Core Concepts
The core message of this work is to introduce Maximum Mean Discrepancy Q-Learning (MMD-QL) as a novel algorithm that utilizes MMD barycenters to effectively propagate the uncertainty of value functions during Temporal Difference updates in reinforcement learning, leading to improved exploration and performance.
Abstract
The content presents a new reinforcement learning algorithm called Maximum Mean Discrepancy Q-Learning (MMD-QL) that aims to improve upon the existing Wasserstein Q-Learning (WQL) algorithm by leveraging the Maximum Mean Discrepancy (MMD) barycenter to propagate the uncertainty of value functions.
Key highlights:
MMD-QL maintains Q-posteriors and V-posteriors to express the uncertainty in the value function estimates.

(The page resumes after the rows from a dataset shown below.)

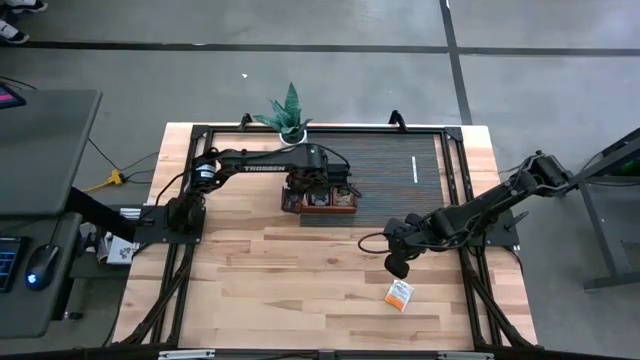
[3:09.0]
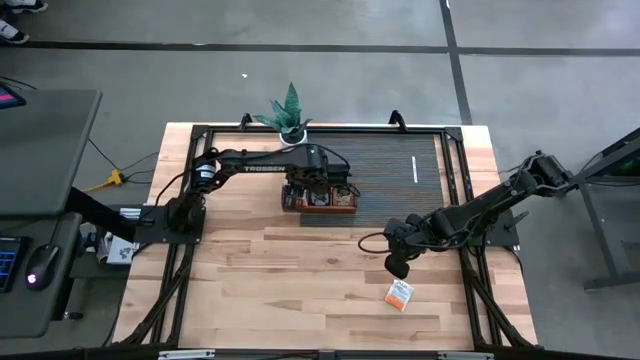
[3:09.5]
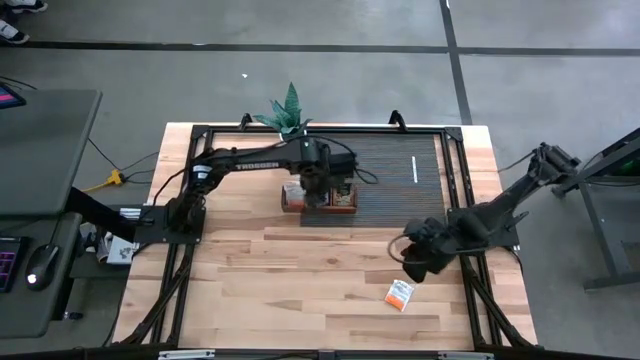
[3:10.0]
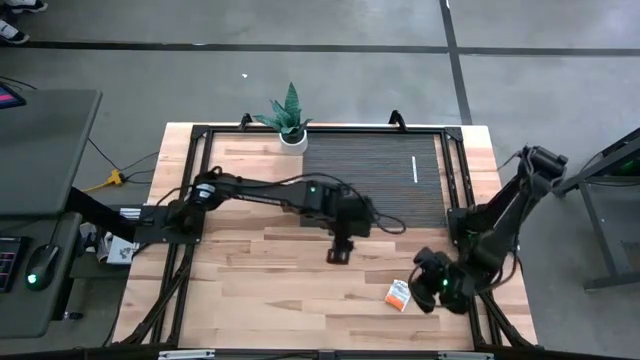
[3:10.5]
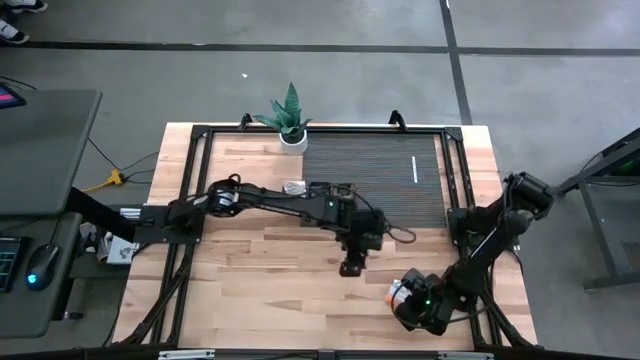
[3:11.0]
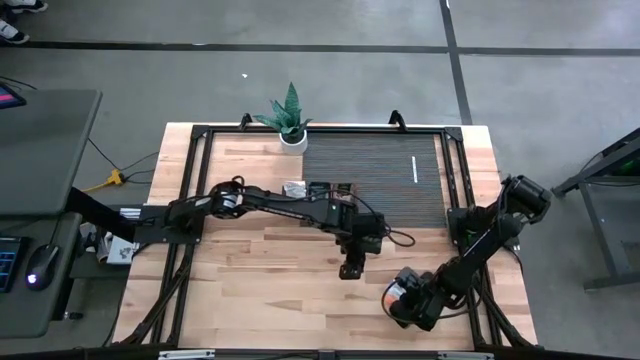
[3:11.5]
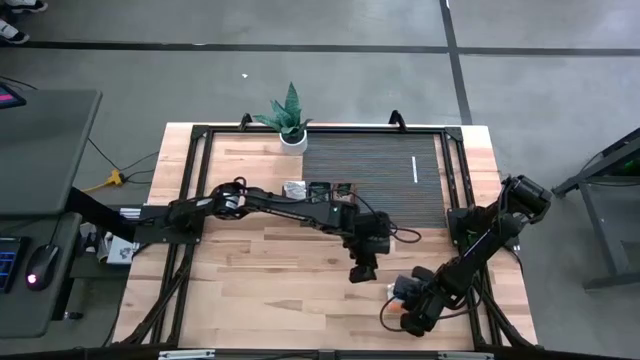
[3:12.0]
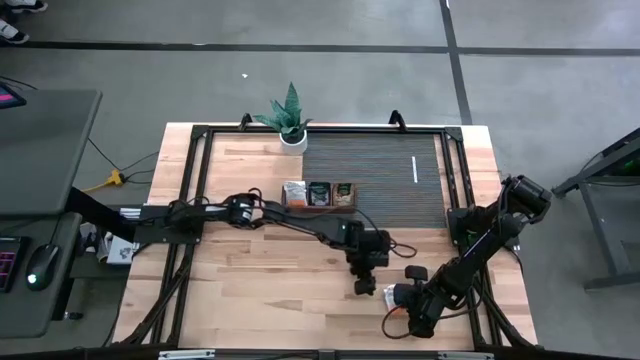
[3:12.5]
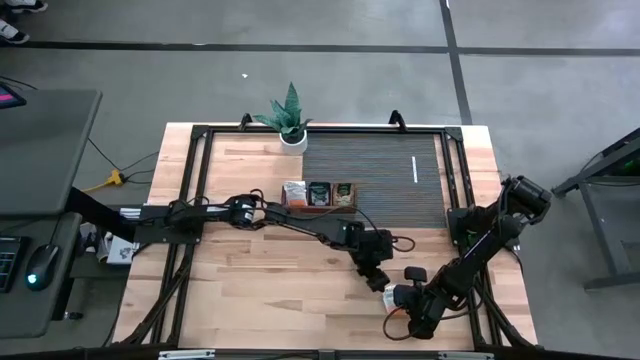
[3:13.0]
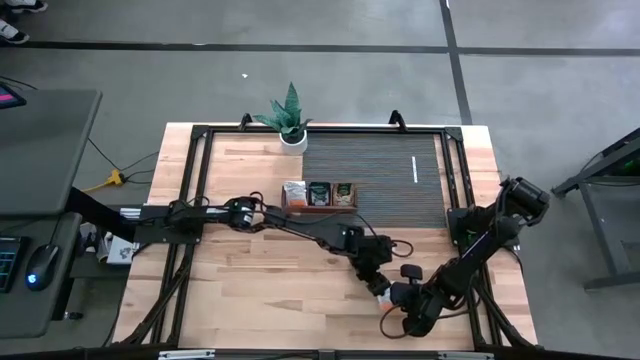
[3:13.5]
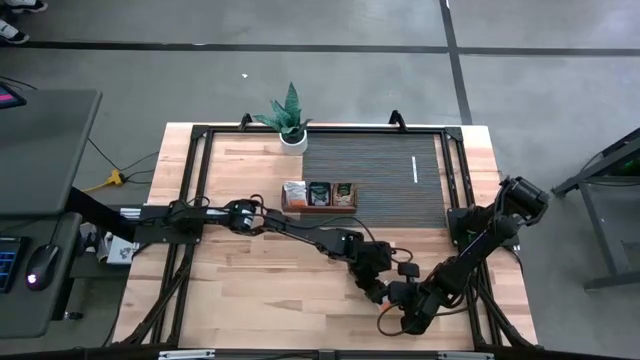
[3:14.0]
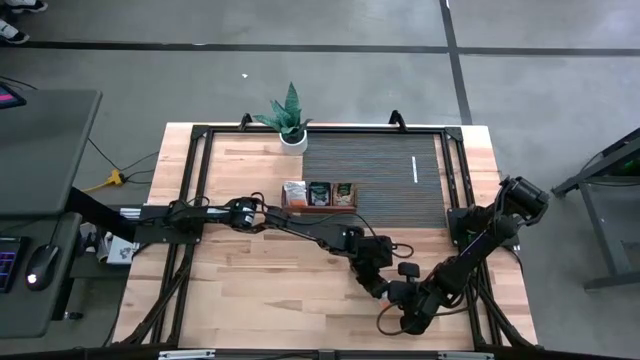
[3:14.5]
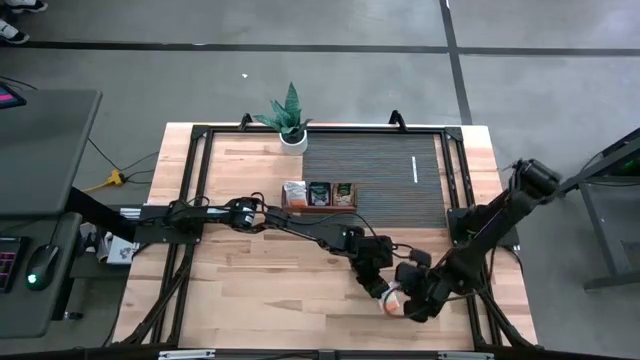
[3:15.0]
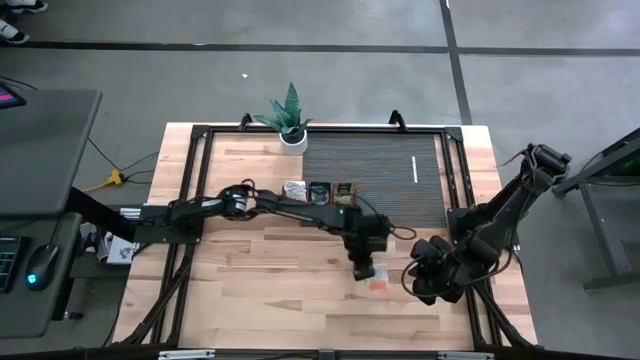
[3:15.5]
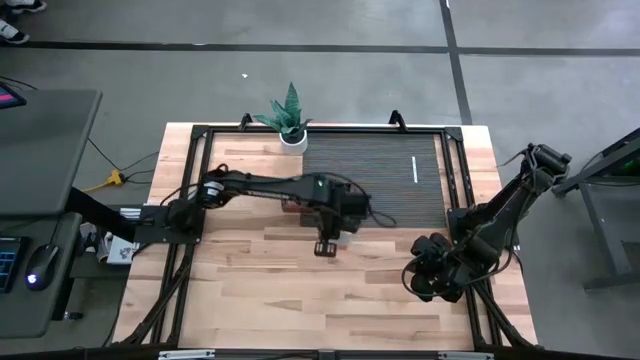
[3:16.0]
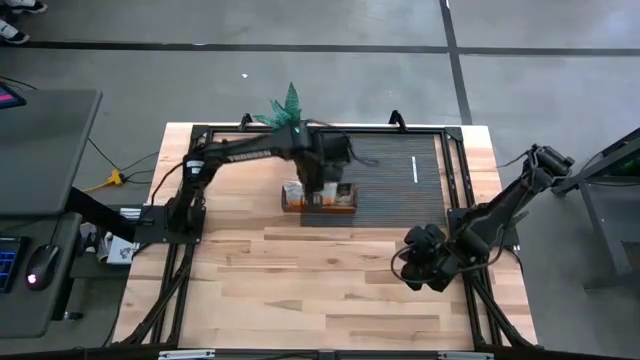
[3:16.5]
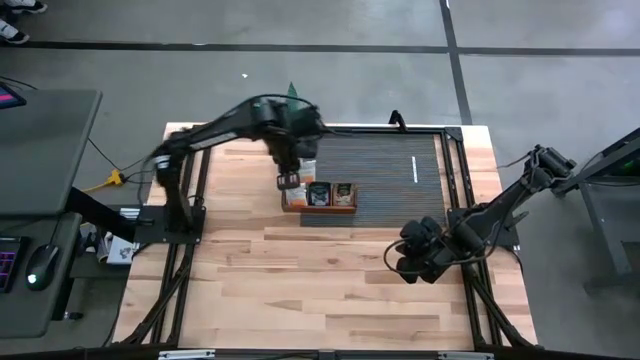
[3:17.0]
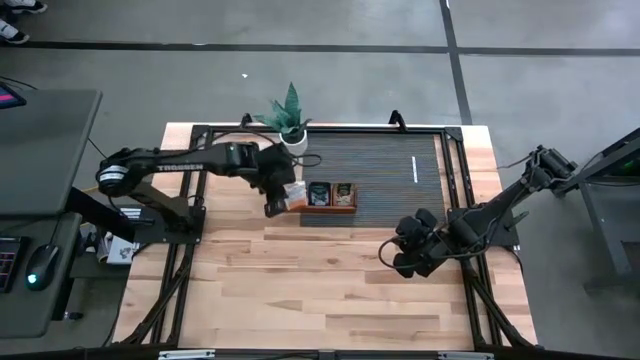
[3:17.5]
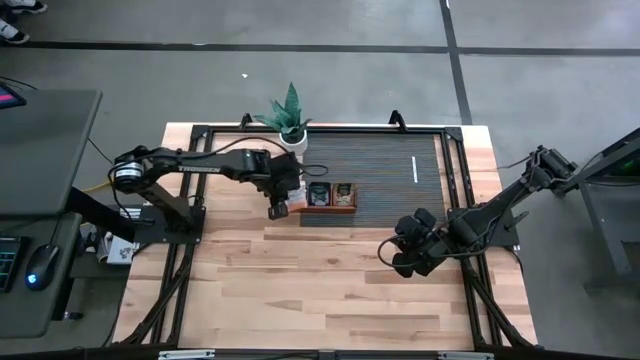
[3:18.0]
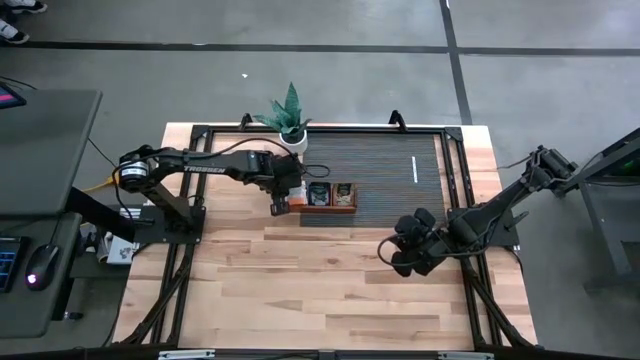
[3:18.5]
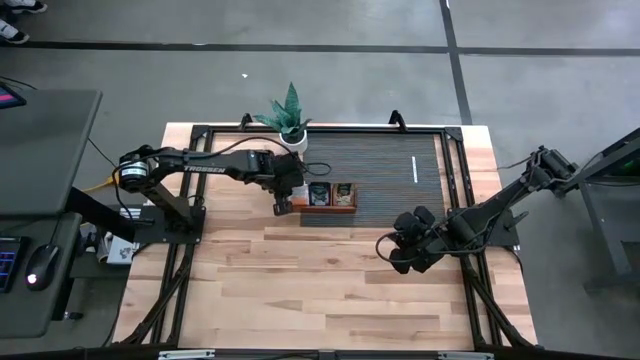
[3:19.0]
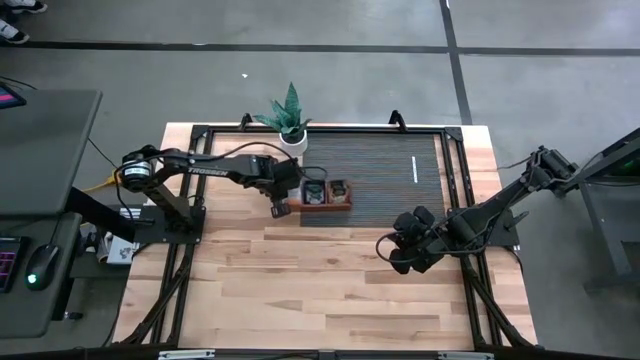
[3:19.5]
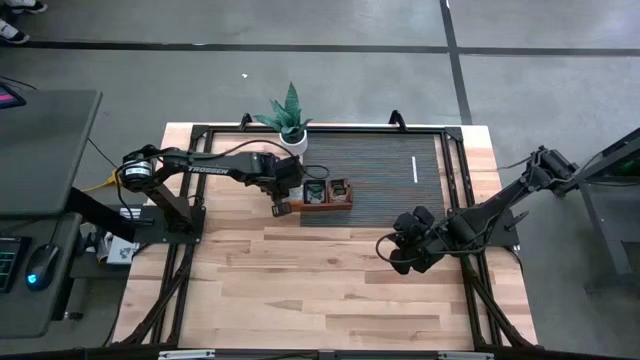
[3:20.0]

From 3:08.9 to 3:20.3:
Task: Pick & Place Tea
Put the orange tea bag into the left section of the wooden organizer

During Temporal Difference (TD) updates, MMD-QL modifies the classic TD update rule to induce epistemic uncertainty (from estimating the reward and transition kernel) and aleatoric uncertainty (from approximating the next-state value function).

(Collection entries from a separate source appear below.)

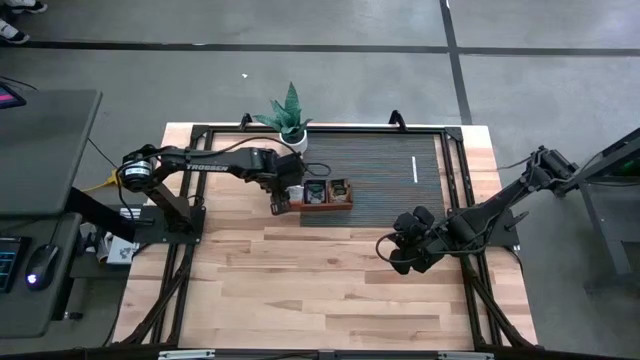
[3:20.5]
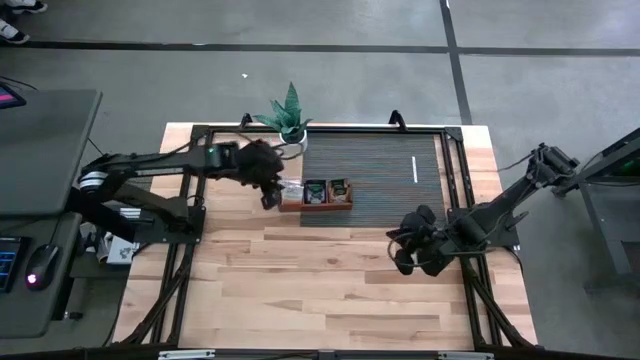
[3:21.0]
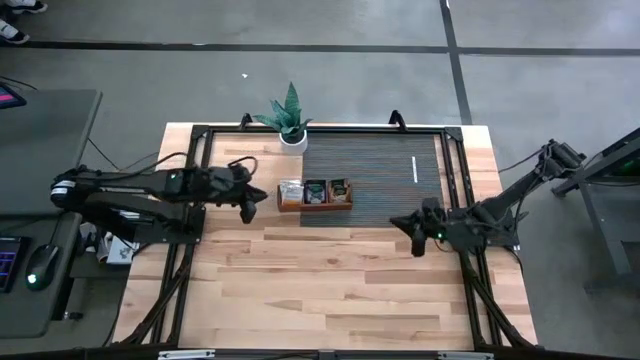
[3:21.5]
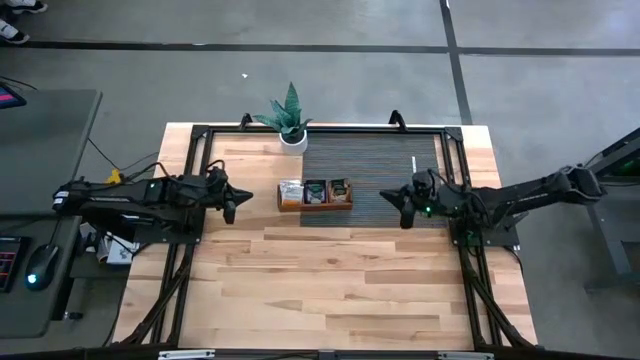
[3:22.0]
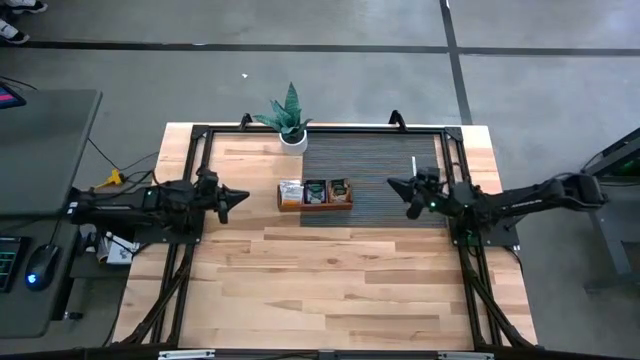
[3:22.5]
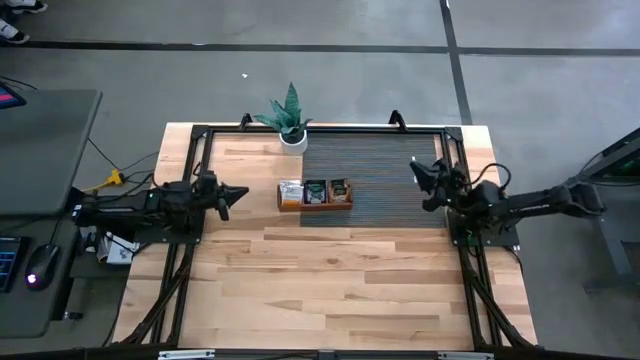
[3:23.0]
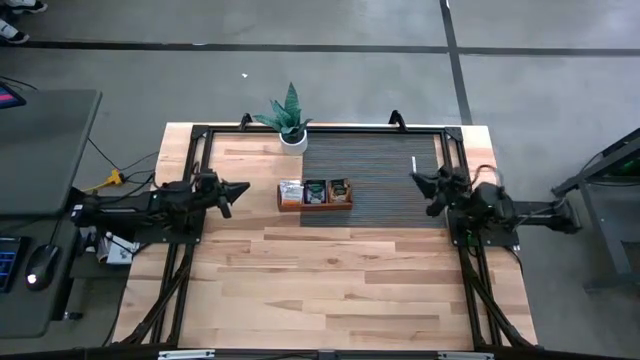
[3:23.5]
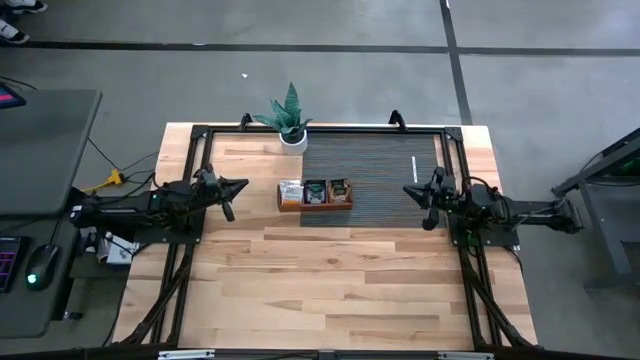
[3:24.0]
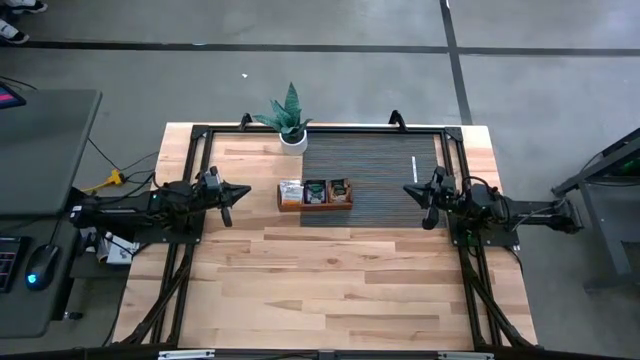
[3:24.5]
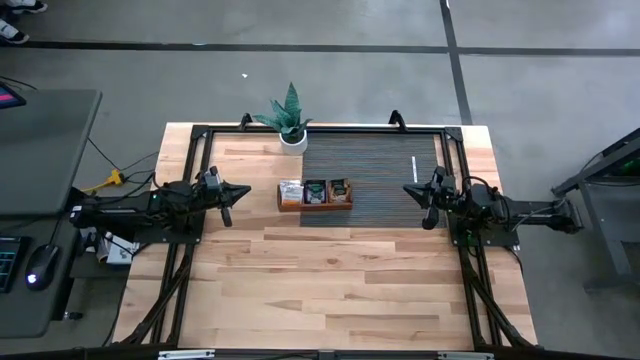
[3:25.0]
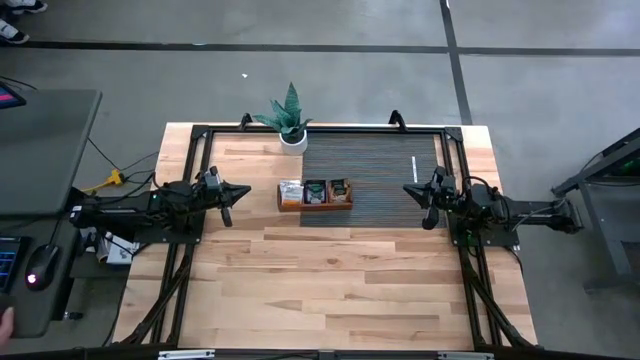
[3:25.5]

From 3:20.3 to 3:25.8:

MMD-QL employs a variational update scheme based on MMD barycenters to approximate the posterior distributions, as MMD provides a tighter similarity estimate between probability measures compared to the Wasserstein distance.
The authors establish that MMD-QL is Probably Approximately Correct in MDP (PAC-MDP) under the average loss metric, implying it is as efficient as WQL in the worst case.
Experiments on tabular environments show that MMD-QL outperforms or matches the performance of WQL.
The authors also introduce MMD Q-Network (MMD-QN), a deep variant of MMD-QL, and provide theoretical analysis on its convergence rates using function approximation.
Empirical results on challenging Atari games demonstrate that MMD-QN performs well compared to benchmark deep RL algorithms, highlighting its effectiveness in handling large state-action spaces.
Stats
The content does not contain any explicit numerical data or statistics. It focuses on the theoretical and empirical analysis of the proposed algorithms.
Quotes
"Accounting for the uncertainty of value functions boosts exploration in Reinforcement Learning (RL)."
"MMD is chosen because it provides a tighter similarity estimate between probability measures than the Wasserstein distance."
"Empirical results on challenging Atari games demonstrate that MMD-QN performs impressively compared to WQL and other benchmark algorithms for deep RL."